Should Wind ever open a hotel himself - "Which I don't plan to do by the way, don't be afraid" - the first thing he would change would be breakfast. "Many hotels offer a breakfast buffet. Nothing wrong with that in itself. But do you know what the problem is? The first day you love such a deluxe breakfast with all the trimmings. The second day it becomes less special and the third day you think 'I know this now'. Don't I? Well, so you can solve that very simply."
Whereupon Wind explains how he envisions every breakfast table having its own griddle. "A bit like cooking on one of those hot stones. So as a guest, you can decide every morning how you want your breakfast. Saves food waste too, because you can give each guest a raw egg that they fry, scramble or boil themselves.
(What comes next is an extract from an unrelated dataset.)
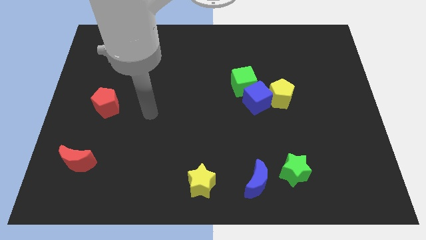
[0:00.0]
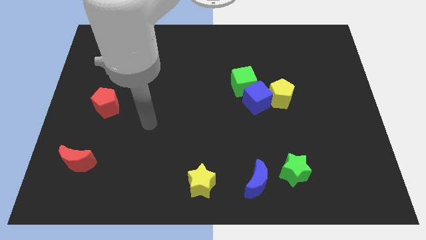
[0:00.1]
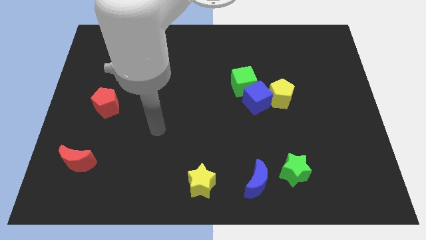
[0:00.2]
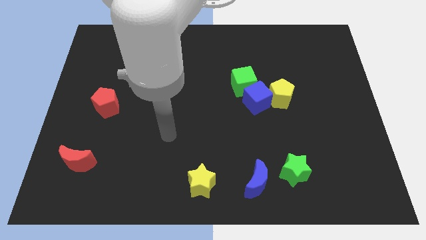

If you do that combined with the possibility that guests can choose a more luxurious upgrade in addition to the basic breakfast - where the chef prepares something at your table, for example - I think you have a golden formula on your hands."
According to Wind, the concept of many hotels is not flexible enough. "You need to be able to offer more than just a bed and breakfast. The variation in choices now often revolves only around the luxury or size of the rooms, but not in everything around it. I would offer menus. And not just with food on them, but the complete hotel experience. Offer your guest a choice for everything: the room, the service level, food, excursions, everything! And you can then also charge just fine for that. Because you prove that you are truly engaged with your guest. I think the bulk of hotels now don't get out of it what is achievable."